DATASET EXCERPT:
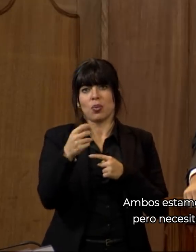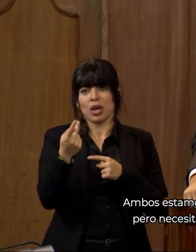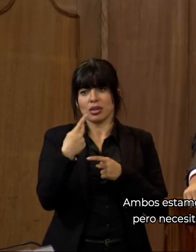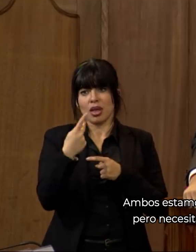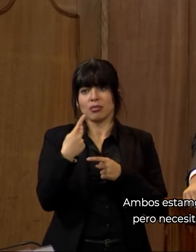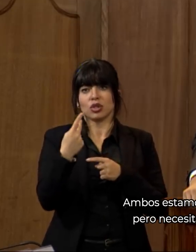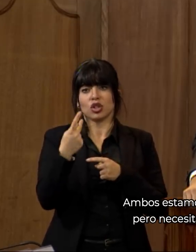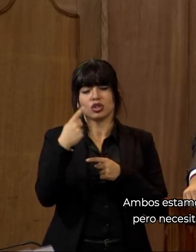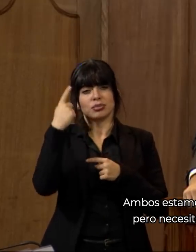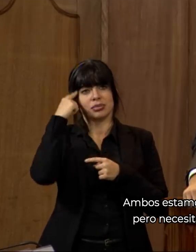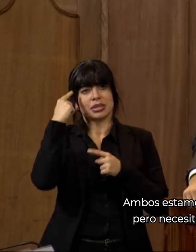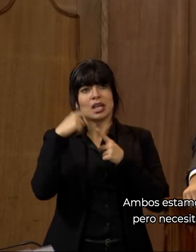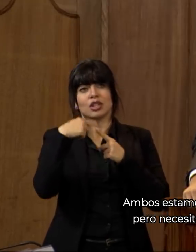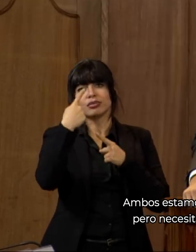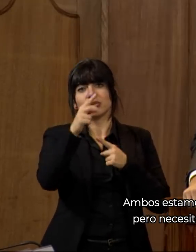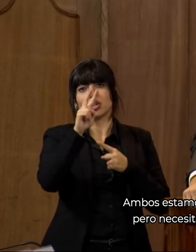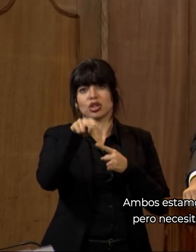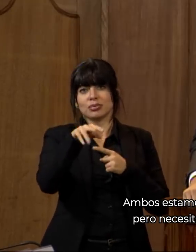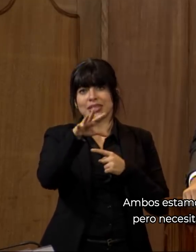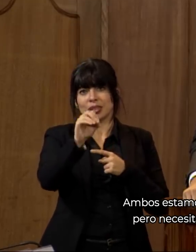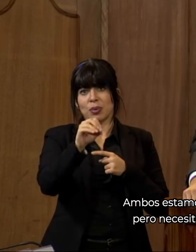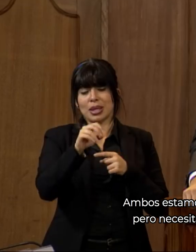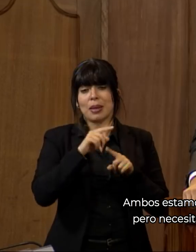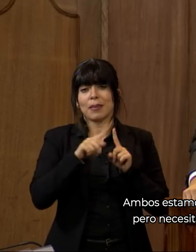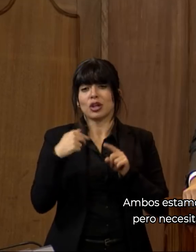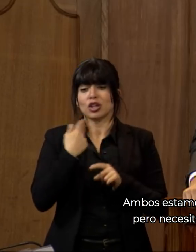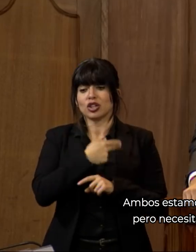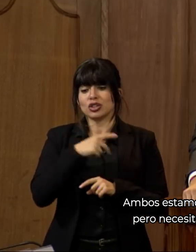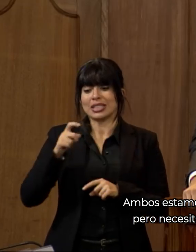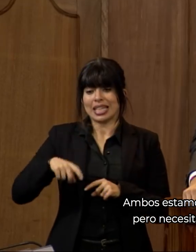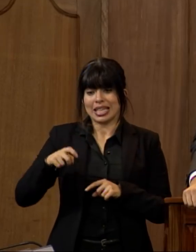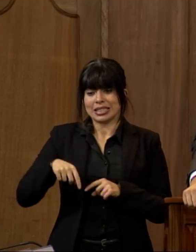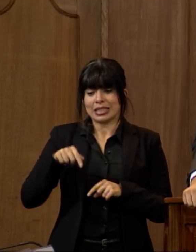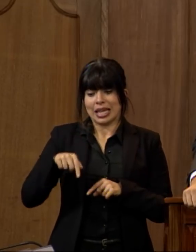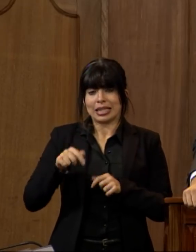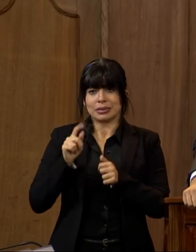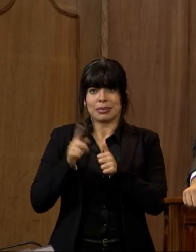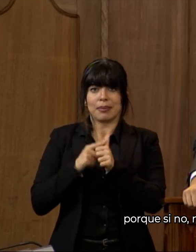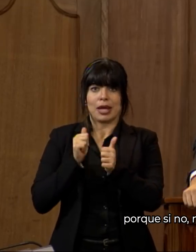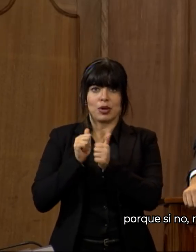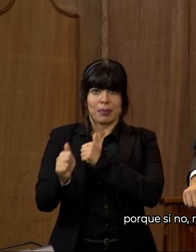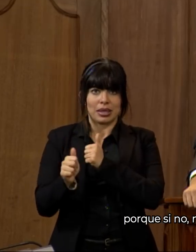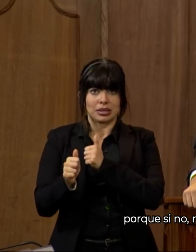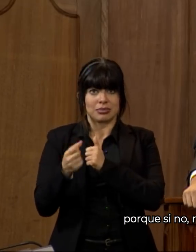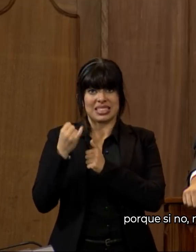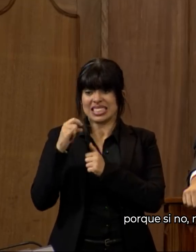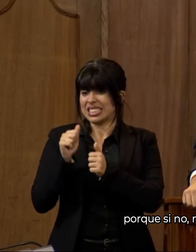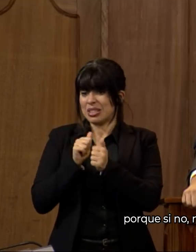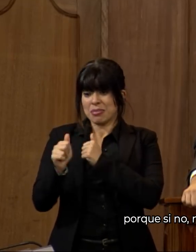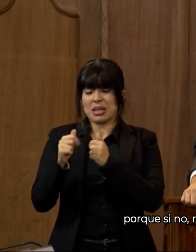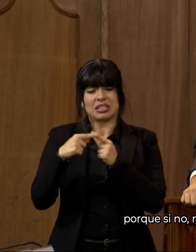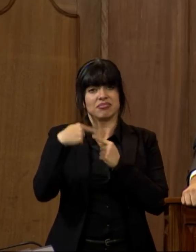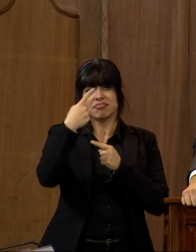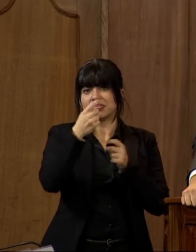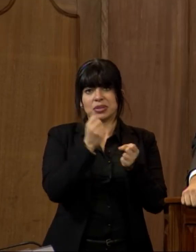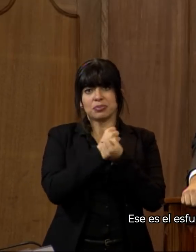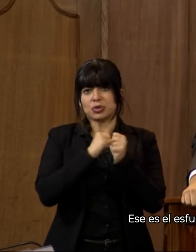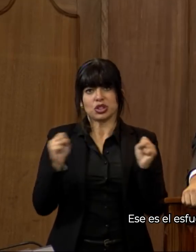Ambos estamos viendo el 2050, pero necesitamos pasar esto, porque si no, no va a ser posible.
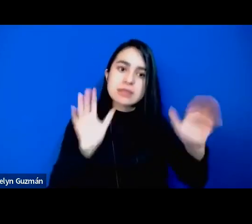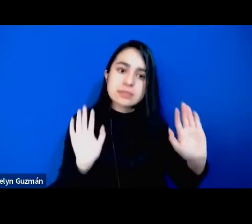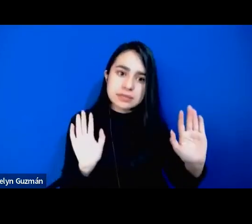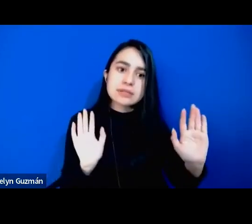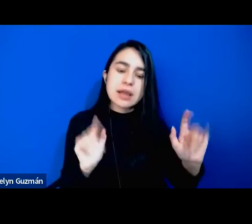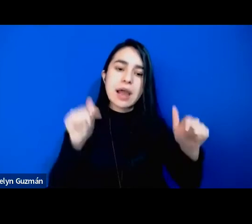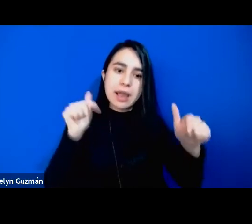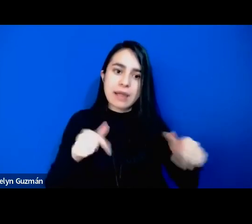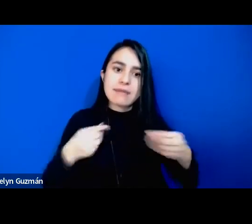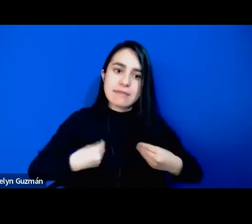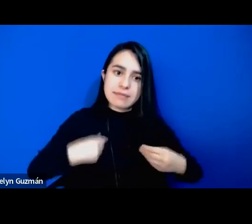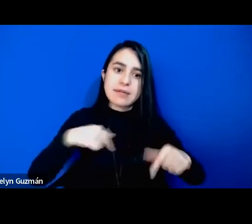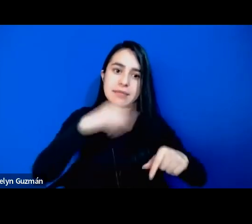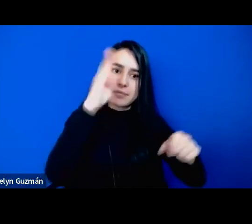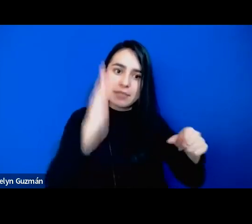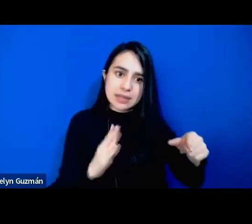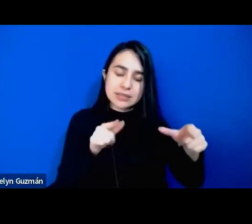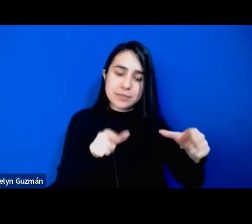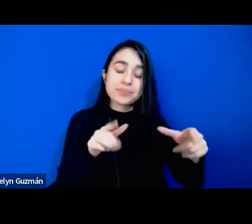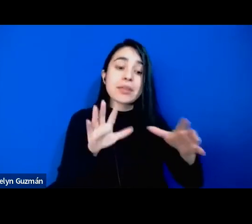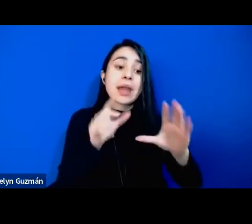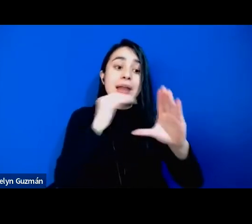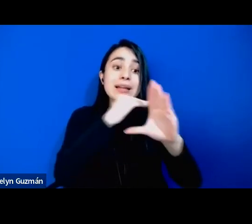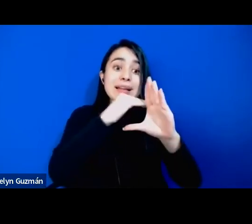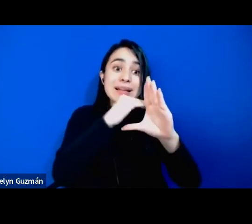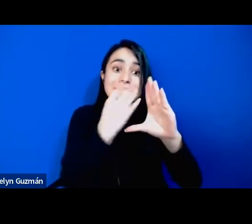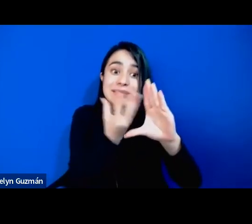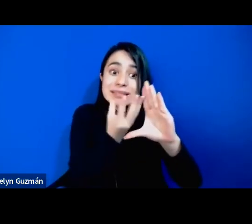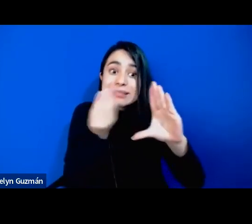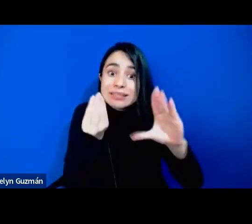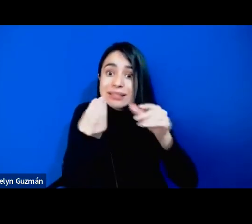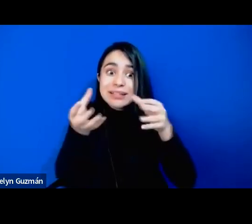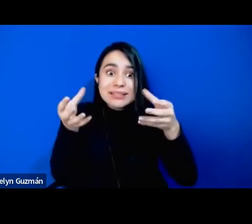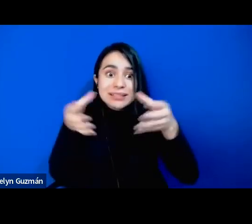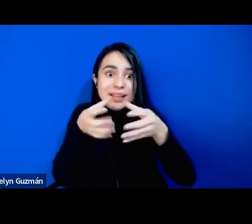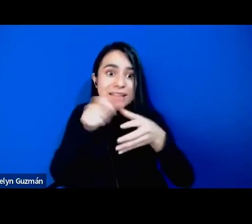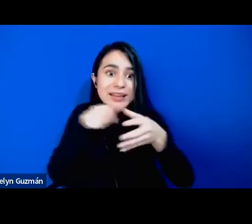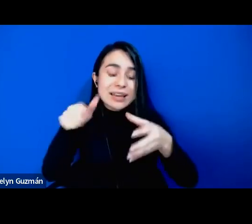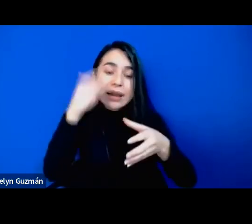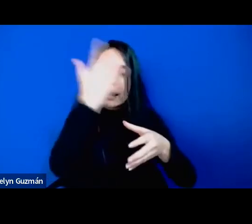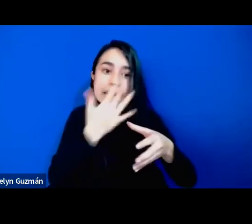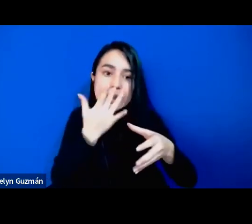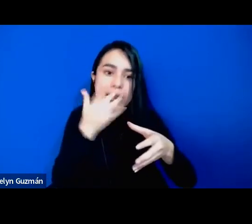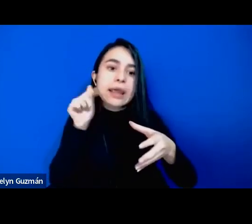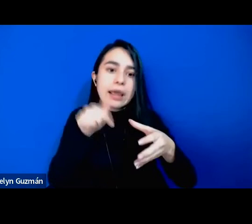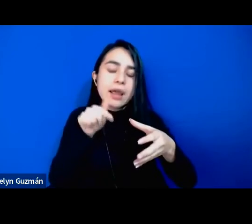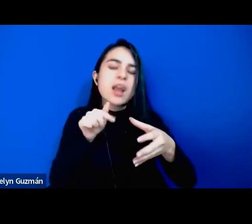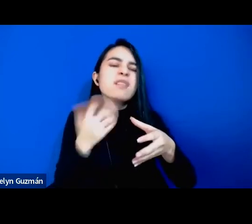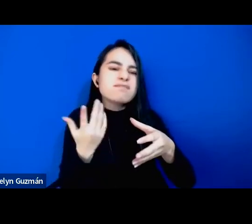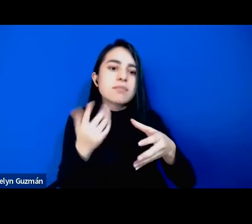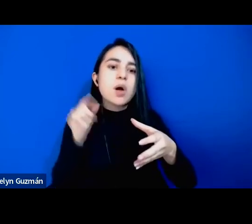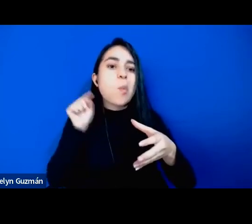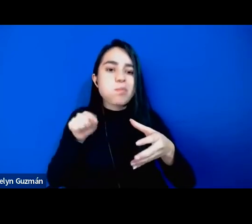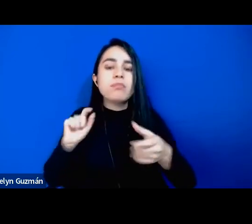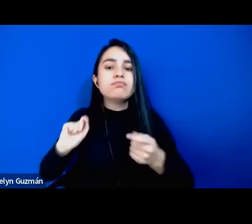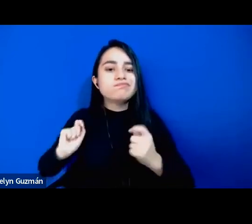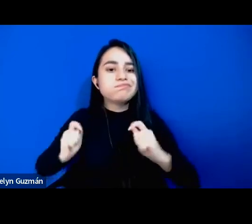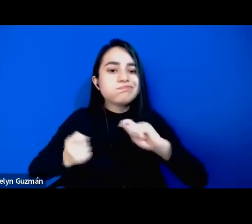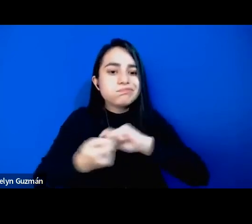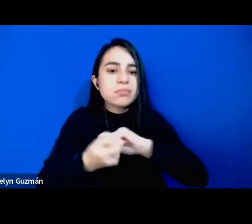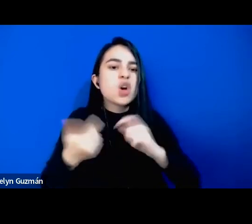negras de clases medias tienen crecido especialmente porque las transformaciones
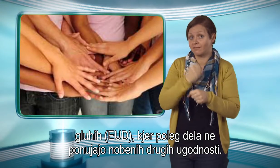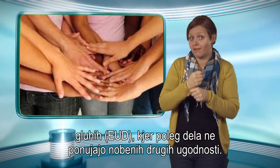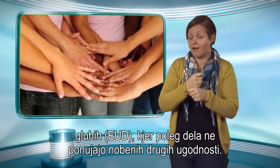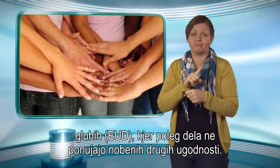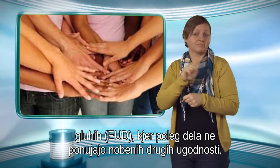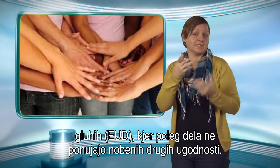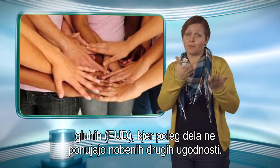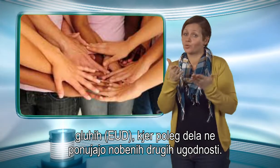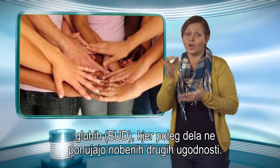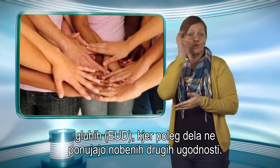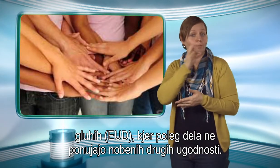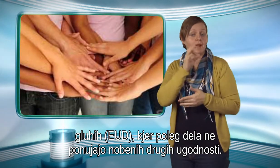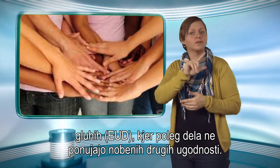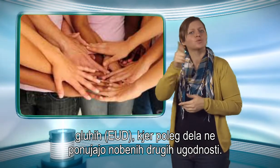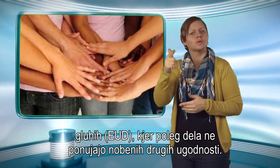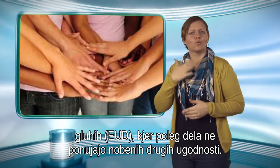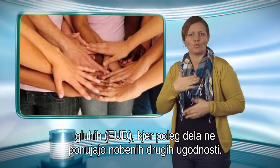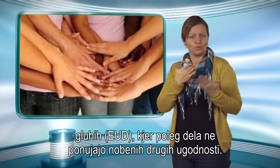nobenih drugih ugodnosti.

EXERCISE OBJECTIVE: The range to transcribe runs from the line holding "negras de clases" through the final line of the data above; copy it exactly and exclude the pictures.

RESULT OF THE TASK:
negras de clases medias tienen crecido especialmente porque las transformaciones
nobenih drugih ugodnosti.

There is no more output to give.